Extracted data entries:
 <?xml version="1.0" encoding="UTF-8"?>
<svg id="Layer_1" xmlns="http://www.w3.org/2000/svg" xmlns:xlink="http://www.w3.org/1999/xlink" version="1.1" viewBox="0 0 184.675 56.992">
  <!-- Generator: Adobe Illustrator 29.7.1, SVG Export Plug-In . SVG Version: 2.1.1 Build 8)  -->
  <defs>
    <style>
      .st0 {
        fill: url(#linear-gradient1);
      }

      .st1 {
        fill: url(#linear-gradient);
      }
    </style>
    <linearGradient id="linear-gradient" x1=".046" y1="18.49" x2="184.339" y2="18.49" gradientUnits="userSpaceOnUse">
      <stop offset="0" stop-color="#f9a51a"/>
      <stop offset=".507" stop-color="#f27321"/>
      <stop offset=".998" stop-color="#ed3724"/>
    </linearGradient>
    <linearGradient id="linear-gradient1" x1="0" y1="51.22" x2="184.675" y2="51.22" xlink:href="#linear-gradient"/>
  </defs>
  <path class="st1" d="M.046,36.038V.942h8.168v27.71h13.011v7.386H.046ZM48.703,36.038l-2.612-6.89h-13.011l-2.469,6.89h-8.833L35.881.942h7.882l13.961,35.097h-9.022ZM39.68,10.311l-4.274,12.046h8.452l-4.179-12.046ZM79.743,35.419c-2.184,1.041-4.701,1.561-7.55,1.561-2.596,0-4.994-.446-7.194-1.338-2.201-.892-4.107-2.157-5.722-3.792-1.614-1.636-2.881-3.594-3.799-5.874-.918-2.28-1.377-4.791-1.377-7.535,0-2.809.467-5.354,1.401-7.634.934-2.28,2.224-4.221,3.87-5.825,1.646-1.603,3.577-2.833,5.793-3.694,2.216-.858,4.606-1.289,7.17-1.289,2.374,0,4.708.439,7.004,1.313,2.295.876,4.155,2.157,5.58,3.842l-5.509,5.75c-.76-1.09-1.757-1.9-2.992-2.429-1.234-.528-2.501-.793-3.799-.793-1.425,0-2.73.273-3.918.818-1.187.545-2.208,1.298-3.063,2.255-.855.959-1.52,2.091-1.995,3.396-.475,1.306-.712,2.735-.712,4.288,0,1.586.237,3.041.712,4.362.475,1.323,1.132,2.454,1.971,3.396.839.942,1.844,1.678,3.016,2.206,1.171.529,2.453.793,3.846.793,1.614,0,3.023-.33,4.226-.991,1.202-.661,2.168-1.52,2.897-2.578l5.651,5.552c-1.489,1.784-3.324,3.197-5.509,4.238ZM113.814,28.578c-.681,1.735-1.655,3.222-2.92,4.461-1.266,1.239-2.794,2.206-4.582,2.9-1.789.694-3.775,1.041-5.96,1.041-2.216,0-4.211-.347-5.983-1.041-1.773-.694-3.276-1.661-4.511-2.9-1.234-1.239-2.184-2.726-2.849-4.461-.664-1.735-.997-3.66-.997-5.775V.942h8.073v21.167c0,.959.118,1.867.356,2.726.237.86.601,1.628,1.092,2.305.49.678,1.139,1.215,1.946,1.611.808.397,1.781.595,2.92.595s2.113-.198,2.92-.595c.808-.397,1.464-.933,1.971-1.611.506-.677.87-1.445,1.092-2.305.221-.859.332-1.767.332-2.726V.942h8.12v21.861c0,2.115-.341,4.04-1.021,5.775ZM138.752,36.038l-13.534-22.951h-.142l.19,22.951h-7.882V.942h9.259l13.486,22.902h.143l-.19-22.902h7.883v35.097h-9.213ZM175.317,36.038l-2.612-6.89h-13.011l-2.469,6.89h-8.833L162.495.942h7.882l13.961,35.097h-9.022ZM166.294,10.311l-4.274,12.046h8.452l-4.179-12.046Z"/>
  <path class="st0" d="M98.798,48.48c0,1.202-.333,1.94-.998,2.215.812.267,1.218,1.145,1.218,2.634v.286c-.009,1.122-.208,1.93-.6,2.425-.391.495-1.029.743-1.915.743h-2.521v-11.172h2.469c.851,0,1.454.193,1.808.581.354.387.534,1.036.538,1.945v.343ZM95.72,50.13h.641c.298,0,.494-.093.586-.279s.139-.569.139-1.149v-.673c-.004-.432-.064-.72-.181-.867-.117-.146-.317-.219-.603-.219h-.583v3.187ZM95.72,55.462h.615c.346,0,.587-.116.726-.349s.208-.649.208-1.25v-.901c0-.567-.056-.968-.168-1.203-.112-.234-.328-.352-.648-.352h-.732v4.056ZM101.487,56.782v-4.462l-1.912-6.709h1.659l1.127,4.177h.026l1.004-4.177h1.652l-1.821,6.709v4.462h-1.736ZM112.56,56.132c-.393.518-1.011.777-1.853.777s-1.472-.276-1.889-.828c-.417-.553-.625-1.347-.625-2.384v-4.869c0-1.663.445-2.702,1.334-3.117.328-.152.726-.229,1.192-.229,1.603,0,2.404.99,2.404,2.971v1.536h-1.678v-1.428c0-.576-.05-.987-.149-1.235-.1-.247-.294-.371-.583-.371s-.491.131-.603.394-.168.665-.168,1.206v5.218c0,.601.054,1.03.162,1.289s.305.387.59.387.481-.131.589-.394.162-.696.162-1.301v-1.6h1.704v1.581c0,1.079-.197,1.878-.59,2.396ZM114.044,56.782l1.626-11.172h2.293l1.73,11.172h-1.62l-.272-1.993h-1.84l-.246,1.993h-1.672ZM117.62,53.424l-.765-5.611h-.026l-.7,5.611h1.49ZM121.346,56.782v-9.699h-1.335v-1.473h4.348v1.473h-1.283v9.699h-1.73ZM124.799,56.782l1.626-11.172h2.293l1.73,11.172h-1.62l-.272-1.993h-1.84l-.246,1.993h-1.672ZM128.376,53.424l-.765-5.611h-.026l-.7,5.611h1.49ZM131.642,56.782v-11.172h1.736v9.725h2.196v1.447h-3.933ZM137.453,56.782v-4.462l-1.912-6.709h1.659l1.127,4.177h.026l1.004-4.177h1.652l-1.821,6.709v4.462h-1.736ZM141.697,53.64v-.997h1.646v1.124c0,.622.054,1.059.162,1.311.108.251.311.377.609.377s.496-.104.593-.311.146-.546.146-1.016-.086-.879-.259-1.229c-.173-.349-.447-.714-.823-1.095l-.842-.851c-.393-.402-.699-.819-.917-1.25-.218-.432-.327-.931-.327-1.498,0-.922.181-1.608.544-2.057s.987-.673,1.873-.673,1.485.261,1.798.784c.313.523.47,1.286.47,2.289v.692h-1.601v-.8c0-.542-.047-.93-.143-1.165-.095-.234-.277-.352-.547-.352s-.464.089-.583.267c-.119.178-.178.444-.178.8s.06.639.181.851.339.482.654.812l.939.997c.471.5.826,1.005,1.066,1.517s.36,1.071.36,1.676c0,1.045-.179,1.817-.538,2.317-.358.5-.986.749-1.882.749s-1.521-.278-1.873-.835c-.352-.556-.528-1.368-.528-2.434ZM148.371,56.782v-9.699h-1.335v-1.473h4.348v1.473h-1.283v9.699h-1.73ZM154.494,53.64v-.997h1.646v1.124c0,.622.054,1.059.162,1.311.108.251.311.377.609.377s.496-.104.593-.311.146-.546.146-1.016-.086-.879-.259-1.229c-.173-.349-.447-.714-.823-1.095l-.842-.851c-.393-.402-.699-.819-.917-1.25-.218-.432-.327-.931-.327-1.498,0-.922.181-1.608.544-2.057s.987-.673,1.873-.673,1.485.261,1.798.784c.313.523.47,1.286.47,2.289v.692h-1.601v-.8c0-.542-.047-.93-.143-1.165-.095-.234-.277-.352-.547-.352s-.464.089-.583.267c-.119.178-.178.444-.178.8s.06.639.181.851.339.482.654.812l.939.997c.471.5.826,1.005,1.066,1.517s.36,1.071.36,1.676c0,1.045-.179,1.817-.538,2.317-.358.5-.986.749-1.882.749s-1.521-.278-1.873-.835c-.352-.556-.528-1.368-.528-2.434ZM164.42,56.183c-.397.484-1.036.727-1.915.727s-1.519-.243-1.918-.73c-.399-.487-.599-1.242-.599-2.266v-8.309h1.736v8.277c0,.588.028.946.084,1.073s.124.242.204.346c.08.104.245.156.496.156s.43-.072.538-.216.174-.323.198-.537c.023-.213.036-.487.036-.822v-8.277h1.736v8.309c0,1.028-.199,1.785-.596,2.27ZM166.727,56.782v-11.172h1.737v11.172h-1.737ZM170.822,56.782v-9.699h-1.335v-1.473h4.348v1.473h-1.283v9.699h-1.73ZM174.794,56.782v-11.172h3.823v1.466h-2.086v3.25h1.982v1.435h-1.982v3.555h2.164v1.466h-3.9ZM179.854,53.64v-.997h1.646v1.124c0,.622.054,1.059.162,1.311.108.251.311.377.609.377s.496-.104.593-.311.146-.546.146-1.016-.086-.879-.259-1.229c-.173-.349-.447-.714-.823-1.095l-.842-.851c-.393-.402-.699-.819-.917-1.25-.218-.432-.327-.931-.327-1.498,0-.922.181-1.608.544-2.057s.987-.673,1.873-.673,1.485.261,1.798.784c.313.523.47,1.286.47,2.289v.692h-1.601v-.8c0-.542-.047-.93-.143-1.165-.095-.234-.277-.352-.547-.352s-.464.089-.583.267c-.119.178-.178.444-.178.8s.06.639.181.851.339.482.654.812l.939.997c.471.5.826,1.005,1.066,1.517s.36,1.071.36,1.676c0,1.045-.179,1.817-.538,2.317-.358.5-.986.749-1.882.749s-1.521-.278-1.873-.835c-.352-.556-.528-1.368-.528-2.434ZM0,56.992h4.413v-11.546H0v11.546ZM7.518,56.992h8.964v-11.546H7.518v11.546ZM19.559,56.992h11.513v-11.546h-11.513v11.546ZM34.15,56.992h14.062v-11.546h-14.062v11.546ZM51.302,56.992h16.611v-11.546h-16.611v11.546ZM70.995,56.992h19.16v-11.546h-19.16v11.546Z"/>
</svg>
* * *
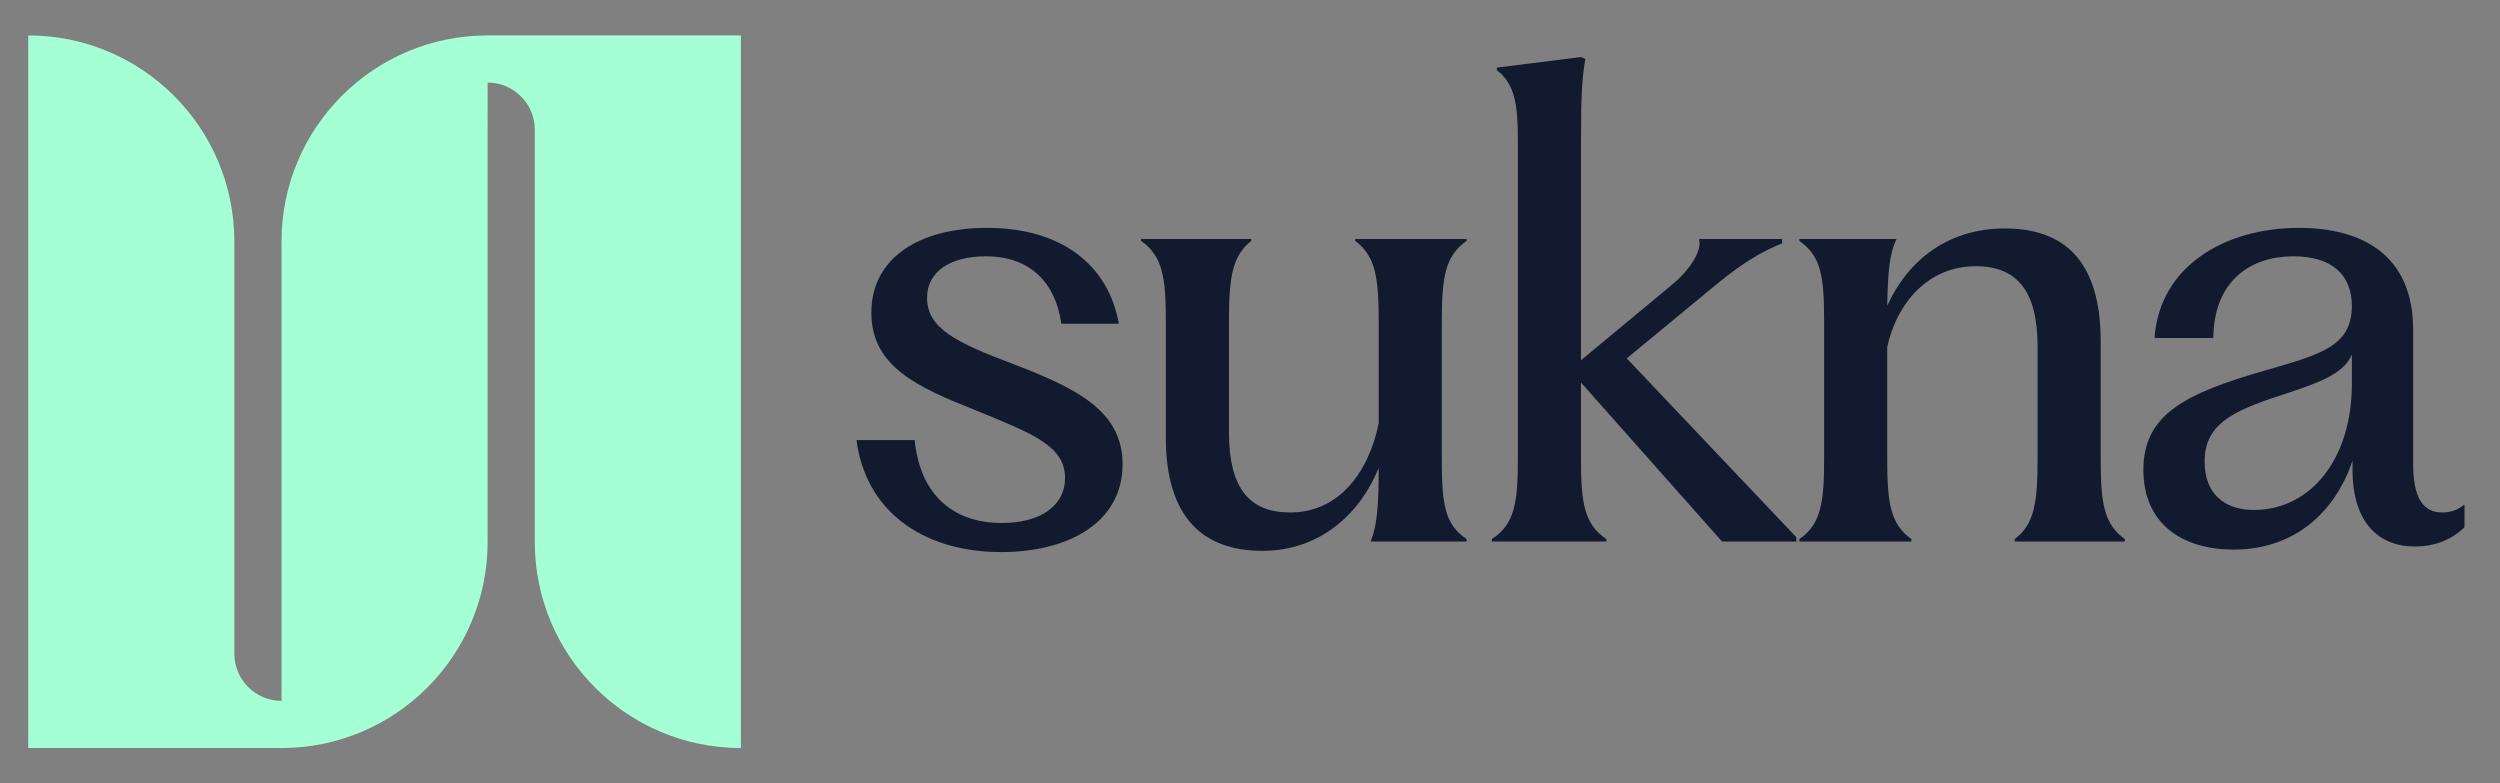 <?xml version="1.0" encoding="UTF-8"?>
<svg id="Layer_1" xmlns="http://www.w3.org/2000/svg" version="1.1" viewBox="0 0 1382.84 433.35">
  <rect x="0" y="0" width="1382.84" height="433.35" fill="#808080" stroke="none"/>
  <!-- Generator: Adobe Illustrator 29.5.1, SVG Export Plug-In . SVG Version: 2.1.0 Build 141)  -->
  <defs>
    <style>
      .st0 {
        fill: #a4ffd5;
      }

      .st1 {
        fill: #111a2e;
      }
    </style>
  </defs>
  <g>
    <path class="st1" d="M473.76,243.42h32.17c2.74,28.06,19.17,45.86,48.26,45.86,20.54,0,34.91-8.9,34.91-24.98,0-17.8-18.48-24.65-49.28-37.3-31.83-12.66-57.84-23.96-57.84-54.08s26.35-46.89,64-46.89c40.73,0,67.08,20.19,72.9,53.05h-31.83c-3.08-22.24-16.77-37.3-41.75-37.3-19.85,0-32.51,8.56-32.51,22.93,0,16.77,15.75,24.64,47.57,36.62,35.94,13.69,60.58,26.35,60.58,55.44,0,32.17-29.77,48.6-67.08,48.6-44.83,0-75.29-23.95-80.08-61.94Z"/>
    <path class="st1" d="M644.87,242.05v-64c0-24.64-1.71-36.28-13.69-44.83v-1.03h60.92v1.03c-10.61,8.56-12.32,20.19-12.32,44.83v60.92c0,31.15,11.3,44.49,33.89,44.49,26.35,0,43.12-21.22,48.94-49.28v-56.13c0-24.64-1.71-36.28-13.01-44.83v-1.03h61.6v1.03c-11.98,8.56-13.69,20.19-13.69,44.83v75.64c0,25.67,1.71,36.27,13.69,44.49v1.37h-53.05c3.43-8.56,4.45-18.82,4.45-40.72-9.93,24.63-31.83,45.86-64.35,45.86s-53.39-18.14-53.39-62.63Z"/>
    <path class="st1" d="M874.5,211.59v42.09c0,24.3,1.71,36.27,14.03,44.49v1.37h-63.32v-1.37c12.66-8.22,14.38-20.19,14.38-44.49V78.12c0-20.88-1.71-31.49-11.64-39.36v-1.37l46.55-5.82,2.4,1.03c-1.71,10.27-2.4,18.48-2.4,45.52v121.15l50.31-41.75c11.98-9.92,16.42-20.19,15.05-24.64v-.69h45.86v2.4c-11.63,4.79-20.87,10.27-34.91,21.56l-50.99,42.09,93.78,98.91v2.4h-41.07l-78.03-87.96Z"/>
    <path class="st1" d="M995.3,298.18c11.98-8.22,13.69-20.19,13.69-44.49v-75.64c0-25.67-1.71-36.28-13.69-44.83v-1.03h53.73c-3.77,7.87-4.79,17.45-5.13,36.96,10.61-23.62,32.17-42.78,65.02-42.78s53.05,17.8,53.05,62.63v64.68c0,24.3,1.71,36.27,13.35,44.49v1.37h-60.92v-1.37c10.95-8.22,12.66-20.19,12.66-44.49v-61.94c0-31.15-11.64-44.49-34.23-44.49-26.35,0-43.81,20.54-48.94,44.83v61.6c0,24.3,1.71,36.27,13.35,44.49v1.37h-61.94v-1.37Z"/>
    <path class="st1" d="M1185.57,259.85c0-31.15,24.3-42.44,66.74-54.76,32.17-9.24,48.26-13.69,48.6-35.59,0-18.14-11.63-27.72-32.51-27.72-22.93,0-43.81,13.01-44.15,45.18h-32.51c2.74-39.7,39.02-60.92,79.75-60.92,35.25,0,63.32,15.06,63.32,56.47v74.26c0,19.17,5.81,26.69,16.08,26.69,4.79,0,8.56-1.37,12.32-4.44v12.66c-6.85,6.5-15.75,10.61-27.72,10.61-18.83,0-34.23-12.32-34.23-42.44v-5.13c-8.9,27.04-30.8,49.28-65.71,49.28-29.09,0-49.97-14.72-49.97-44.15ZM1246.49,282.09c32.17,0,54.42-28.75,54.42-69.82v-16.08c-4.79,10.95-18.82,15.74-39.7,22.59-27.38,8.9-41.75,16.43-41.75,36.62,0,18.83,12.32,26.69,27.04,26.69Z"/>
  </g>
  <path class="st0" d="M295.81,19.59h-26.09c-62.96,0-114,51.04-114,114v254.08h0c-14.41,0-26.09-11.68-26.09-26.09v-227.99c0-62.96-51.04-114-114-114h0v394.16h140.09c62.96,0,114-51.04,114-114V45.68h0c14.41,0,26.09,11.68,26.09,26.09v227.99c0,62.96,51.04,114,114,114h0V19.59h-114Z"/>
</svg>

▶ _ABOUT THIS EXERCISE_
If a line in the records above holds the string "http", copy it.

▶ _FINISHED TASK_
<svg id="Layer_1" xmlns="http://www.w3.org/2000/svg" xmlns:xlink="http://www.w3.org/1999/xlink" version="1.1" viewBox="0 0 184.675 56.992">
<svg id="Layer_1" xmlns="http://www.w3.org/2000/svg" version="1.1" viewBox="0 0 1382.84 433.35">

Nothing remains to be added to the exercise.